We keep Example 1's methods.

In [6]:
# Deep Neural Network (Neurons: 4 input, 8 hidden, 16 hidden, 8 hidden, 2 output)

input_neurons = np.array([[0, 0, 0, 0],
                          [0, 0, 0, 1],
                          [0, 0, 1, 0],
                          [0, 0, 1, 1],
                          [0, 1, 0, 0],
                          [0, 1, 0, 1],
                          [0, 1, 1, 0],
                          [0, 1, 1, 1]])

output_neurons = np.array([[1, 0],
                           [1, 1],
                           [1, 1],
                           [1, 0],
                           [1, 1],
                           [0, 1],
                           [0, 0],
                           [1, 1]])

# Deterministic generation such that we can better compare different network
np.random.seed(1)

# Generating and normalizing synapses
synapse_1 = np.random.random((4, 8)) * 2 - 1
synapse_2 = np.random.random((8, 16)) * 2 - 1
synapse_3 = np.random.random((16, 8)) * 2 - 1
synapse_4 = np.random.random((8, 2)) * 2 - 1


for i in range(100000):  # Training

    layer_1 = input_neurons
    layer_2 = sigmoid(np.dot(layer_1, synapse_1))
    layer_3 = sigmoid(np.dot(layer_2, synapse_2))
    layer_4 = sigmoid(np.dot(layer_3, synapse_3))
    layer_5 = sigmoid(np.dot(layer_4, synapse_4))

    # Backpropagation
    layer_5_error = output_neurons - layer_5
    layer_5_delta = layer_5_error * sigmoid_derivative(layer_5)
    layer_4_error = layer_5_delta.dot(synapse_4.T)
    layer_4_delta = layer_4_error * sigmoid_derivative(layer_4)
    layer_3_error = layer_4_delta.dot(synapse_3.T)
    layer_3_delta = layer_3_error * sigmoid_derivative(layer_3)
    layer_2_error = layer_3_delta.dot(synapse_2.T)
    layer_2_delta = layer_2_error * sigmoid_derivative(layer_2)

    synapse_1 += layer_1.T.dot(layer_2_delta)
    synapse_2 += layer_2.T.dot(layer_3_delta)
    synapse_3 += layer_3.T.dot(layer_4_delta)
    synapse_4 += layer_4.T.dot(layer_5_delta)


    # Prints error margin
    if i % 10000 == 0:
        print("Current error margin: {}".format(str(np.mean(abs(layer_5_error)))))

Current error margin: 0.44711071583178513
Current error margin: 0.004957724608214143
Current error margin: 0.003368736657040206
Current error margin: 0.002699241313895848
Current error margin: 0.0023102055028723827
Current error margin: 0.00204909238051682
Current error margin: 0.0018586619092116137
Current error margin: 0.00171203849427689
Current error margin: 0.001594739285055455
Current error margin: 0.0014981884017274266


In [7]:
print(layer_5)

[[0.99836656 0.00211058]
 [0.99934177 0.99944946]
 [0.99877575 0.99800481]
 [0.99884066 0.00190899]
 [0.99845804 0.99853785]
 [0.00174104 0.99999543]
 [0.0023237  0.00171322]
 [0.99886795 0.99848799]]


Once again the network is modeled pretty accurately!

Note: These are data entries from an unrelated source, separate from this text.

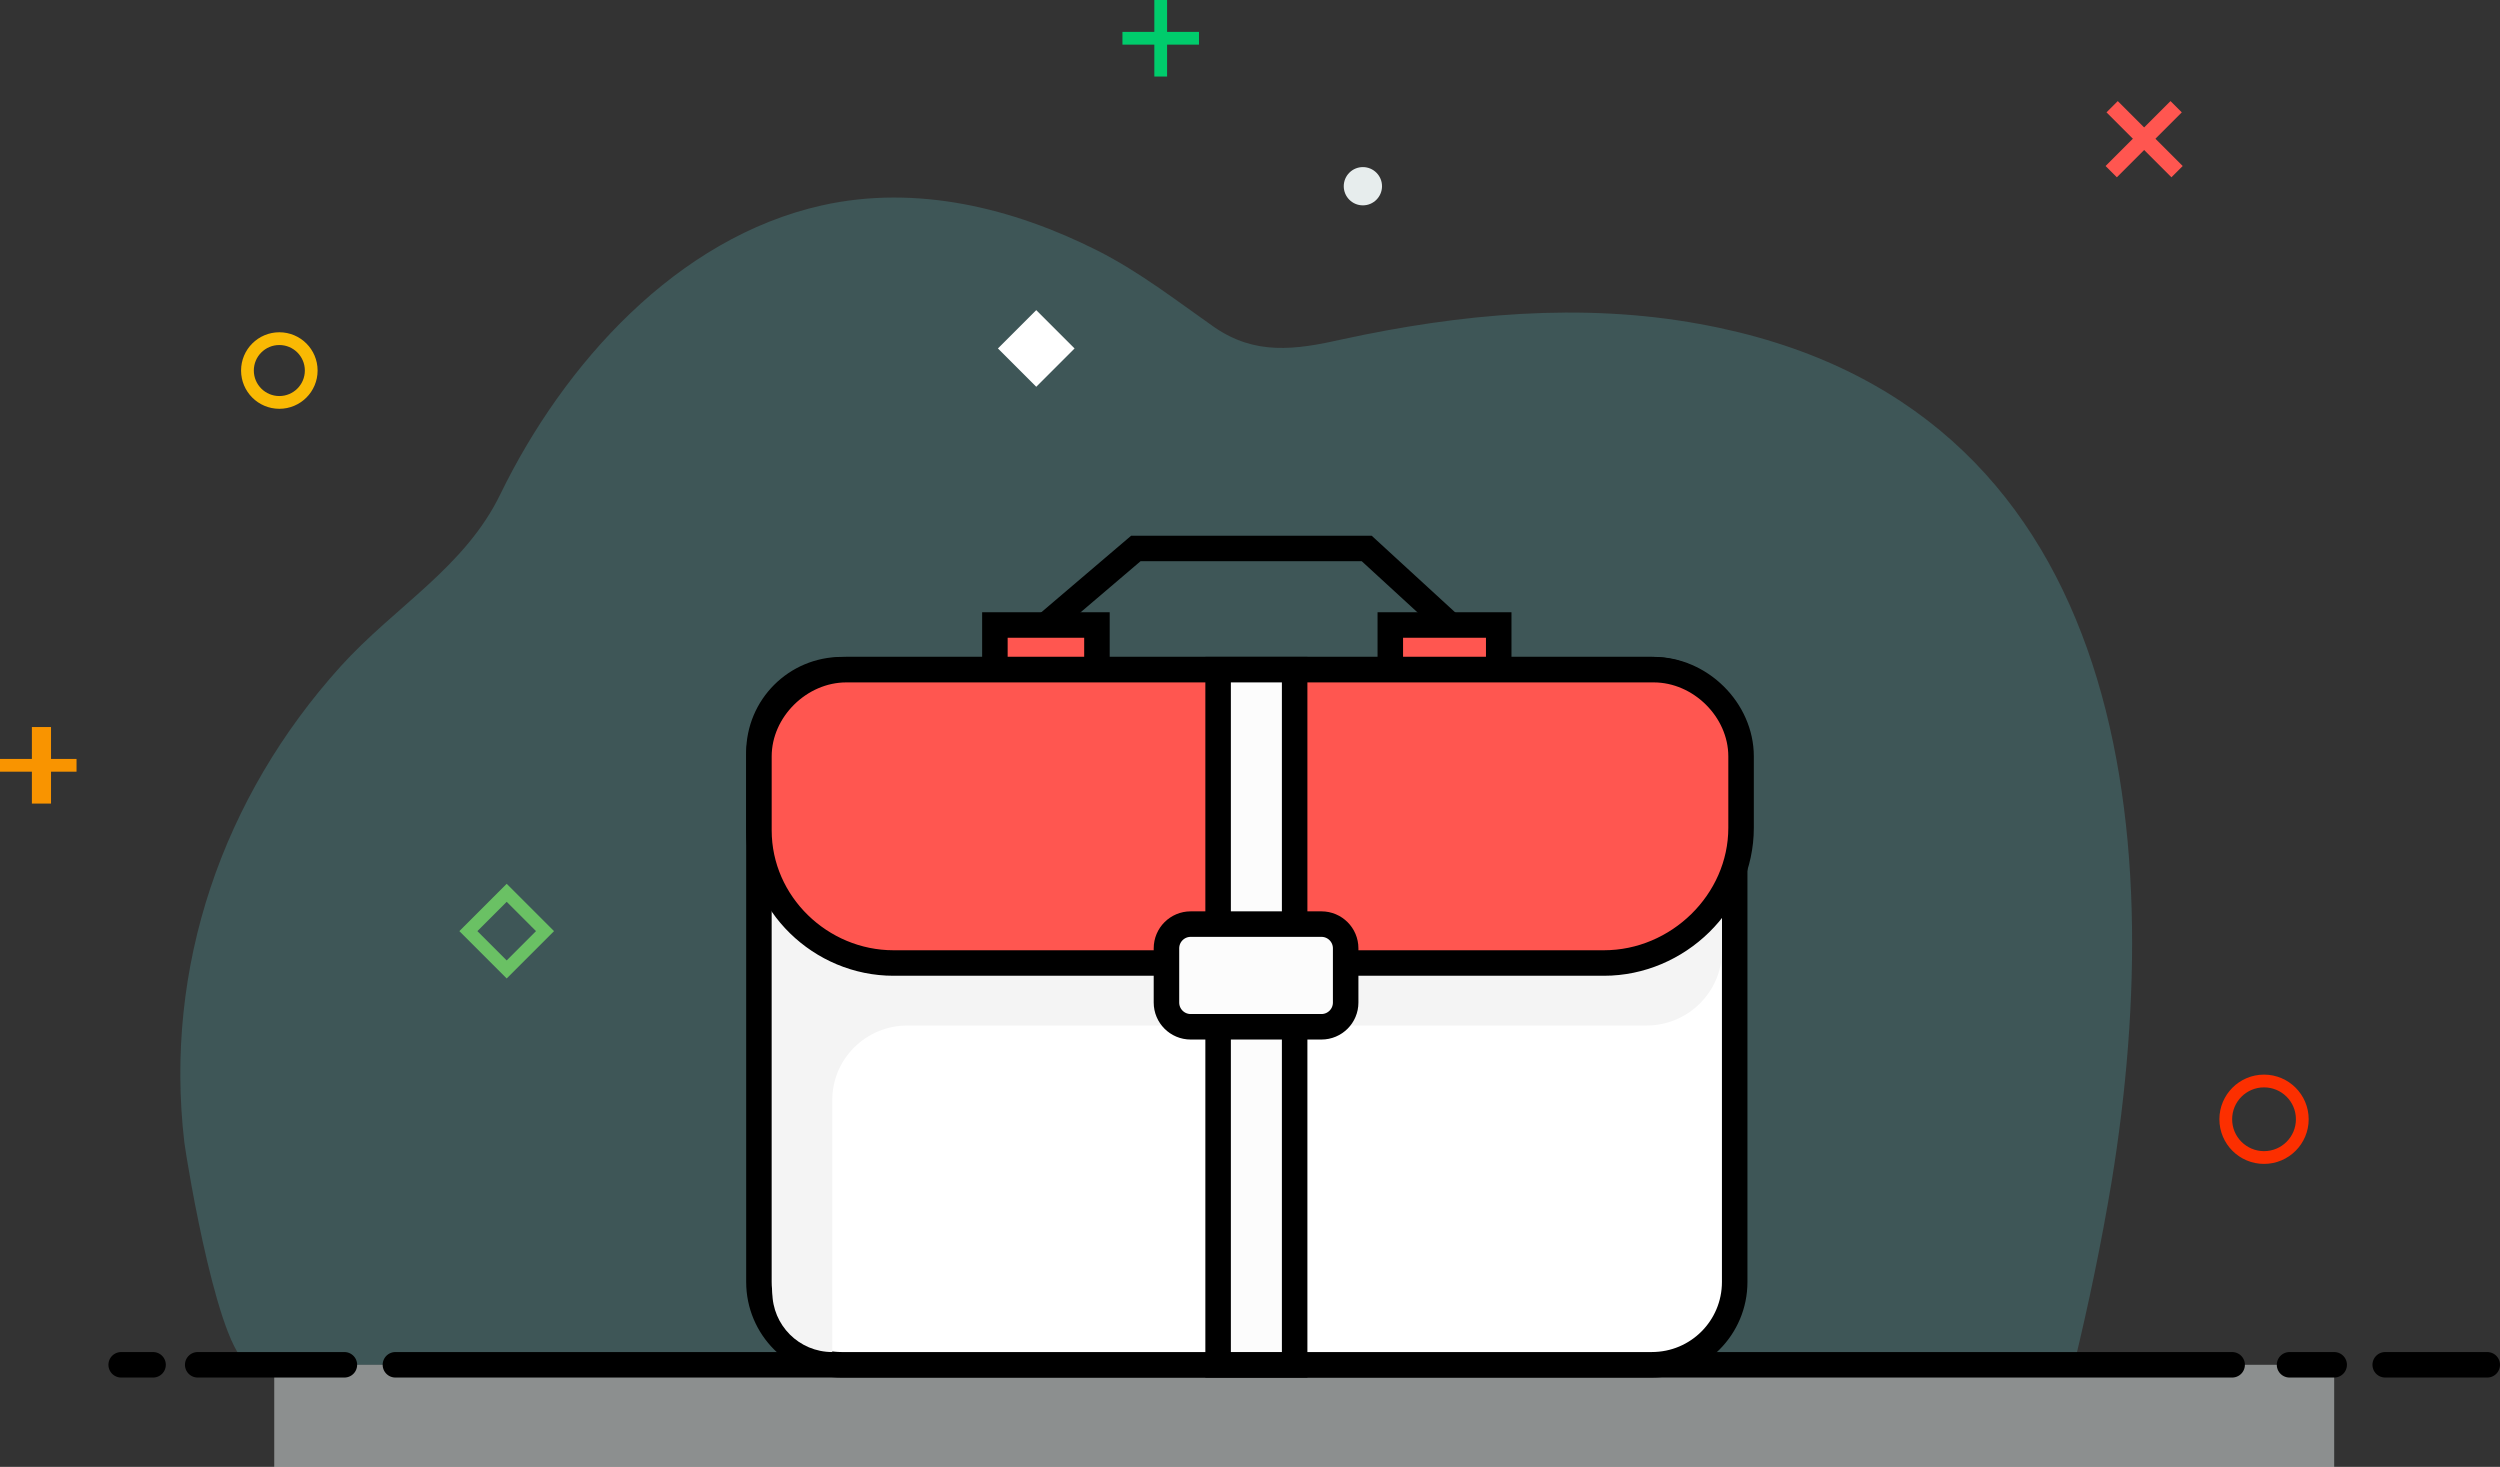 <?xml version="1.0" encoding="utf-8"?>
<!-- Generator: Adobe Illustrator 19.2.1, SVG Export Plug-In . SVG Version: 6.00 Build 0)  -->
<svg version="1.1" id="Layer_1" xmlns="http://www.w3.org/2000/svg" xmlns:xlink="http://www.w3.org/1999/xlink" x="0px" y="0px"
	 viewBox="0 0 392 230" style="enable-background:new 0 0 392 230;" xml:space="preserve">
<rect x="0" y="0" width="392" height="230" fill="#333333" stroke="none"/>
<style type="text/css">
	.st0{opacity:0.2;fill:#6AE5E7;}
	.st1{opacity:0.5;fill:#E7EDED;}
	.st2{fill:none;stroke:#000000;stroke-width:4;stroke-linecap:round;stroke-miterlimit:10;}
	.st3{fill:none;stroke:#F9B903;stroke-width:2;stroke-miterlimit:10;}
	.st4{fill:none;stroke:#FC2F00;stroke-width:2;stroke-miterlimit:10;}
	.st5{fill:#E7EDED;}
	.st6{fill:#00CC6C;}
	.st7{fill:#F99400;}
	.st8{fill:#FF5650;}
	.st9{fill:none;stroke:#6AC164;stroke-width:2;stroke-miterlimit:10;}
	.st10{fill:#FFFFFF;}
	.st11{fill:#FF5650;stroke:#000000;stroke-width:4;stroke-miterlimit:10;}
	.st12{fill:#FFFFFF;stroke:#000000;stroke-width:4;stroke-linecap:round;stroke-miterlimit:10;}
	.st13{fill:#F4F4F4;}
	.st14{fill:#FCFCFC;stroke:#000000;stroke-width:4;stroke-miterlimit:10;}
	.st15{fill:none;stroke:#000000;stroke-width:4;stroke-miterlimit:10;}
</style>
<g>
	<path class="st0" d="M39.5,214c-5,0-10.2-31.8-10.6-34.9c-3.2-27.5,6-54.1,24.5-74.6C62,95,72.9,89,78.5,77.4
		c9.9-20.3,27.6-40.1,50.4-45.2c14.8-3.3,29.9,0.4,43.2,7.1c6.7,3.4,12.3,7.8,18.3,12c6.4,4.4,12.6,3.6,20.1,1.9
		c18.4-4,37.5-5.8,56-2.4c66.8,12.1,73.7,78.8,64.6,134.5c-1.6,9.6-3.6,19.2-5.9,28.7C325.3,214,39.7,214,39.5,214z"/>
	<g>
		<g>
			<rect x="43" y="214" class="st1" width="323" height="16"/>
			<line class="st2" x1="374" y1="214" x2="390" y2="214"/>
			<line class="st2" x1="359" y1="214" x2="366" y2="214"/>
			<line class="st2" x1="62" y1="214" x2="350" y2="214"/>
			<line class="st2" x1="31" y1="214" x2="54" y2="214"/>
			<line class="st2" x1="19" y1="214" x2="24" y2="214"/>
		</g>
	</g>
</g>
<circle class="st3" cx="43.8" cy="58.1" r="5"/>
<circle class="st4" cx="355" cy="175.5" r="6"/>
<circle class="st5" cx="213.7" cy="29.2" r="3"/>
<rect x="181" class="st6" width="2" height="12"/>
<rect x="181" transform="matrix(-1.836970e-16 1 -1 -1.836970e-16 188 -176)" class="st6" width="2" height="12"/>
<rect x="5" y="114" class="st7" width="3" height="12"/>
<rect x="5" y="114" transform="matrix(-1.836970e-16 1 -1 -1.836970e-16 126 114)" class="st7" width="2" height="12"/>
<rect x="334.9" y="14.7" transform="matrix(0.707 0.707 -0.707 0.707 113.955 -231.317)" class="st8" width="2.5" height="14.4"/>
<rect x="334.9" y="14.7" transform="matrix(-0.707 0.707 -0.707 -0.707 589.415 -200.349)" class="st8" width="2.5" height="14.4"/>
<rect x="75.2" y="141.8" transform="matrix(0.707 -0.707 0.707 0.707 -79.979 98.915)" class="st9" width="8.5" height="8.5"/>
<rect x="158.3" y="50.4" transform="matrix(0.707 -0.707 0.707 0.707 8.923 130.923)" class="st10" width="8.5" height="8.5"/>
<g>
	<rect x="156" y="98" class="st11" width="16" height="9"/>
	<rect x="218" y="98" class="st11" width="17" height="9"/>
	<path class="st12" d="M272,201c0,7.2-5.8,13-13,13H132c-7.2,0-13-5.8-13-13v-83c0-7.2,5.8-13,13-13h127c7.2,0,13,5.8,13,13V201z"/>
	<path class="st13" d="M269.9,113H121.1v29.5v18.3v41.8c0,5.2,4.2,9.4,9.4,9.4h0v-39.5c0-6.5,5.3-11.7,11.8-11.7h115.9
		c6.5,0,11.8-5.3,11.8-11.7V113z"/>
	<path class="st11" d="M251.5,151H140.1c-11.4,0-21.1-9.3-21.1-20.8v-11.6c0-7.3,6.4-13.6,13.7-13.6h126.6c7.3,0,13.7,6.3,13.7,13.6
		v11.2C273,141.4,263.1,151,251.5,151z"/>
	<rect x="191" y="105" class="st14" width="12" height="109"/>
	<path class="st14" d="M211,157.2c0,2.1-1.7,3.8-3.8,3.8h-20.5c-2.1,0-3.8-1.7-3.8-3.8v-8.5c0-2.1,1.7-3.8,3.8-3.8h20.5
		c2.1,0,3.8,1.7,3.8,3.8V157.2z"/>
	<polyline class="st15" points="163.9,98.1 178.1,86 214.3,86 227.7,98.3 	"/>
</g>
</svg>

We can tweak the parameters of the synapses thereby creating different networks. Subsequently we can compare their error rates thus optimizing the networks structure for this particular task. Here are 3 final error margins of 3 different networks:

(Neurons: 4 input, 8 hidden, 16 hidden, 8 hidden, 2 output): 0.00020308381653301406
<br>(Neurons: 4 input, 8 hidden, 8 hidden, 8 hidden, 2 output): 0.0002564333501877733
<br>(Neurons: 4 input, 16 hidden, 8 hidden, 8 hidden, 2 output): 0.00010261191080388188

As expected the bigger network seems to produce a better error margin, however, interestingly placing a majority of the neurons in the beginning seems to yield even better predictions.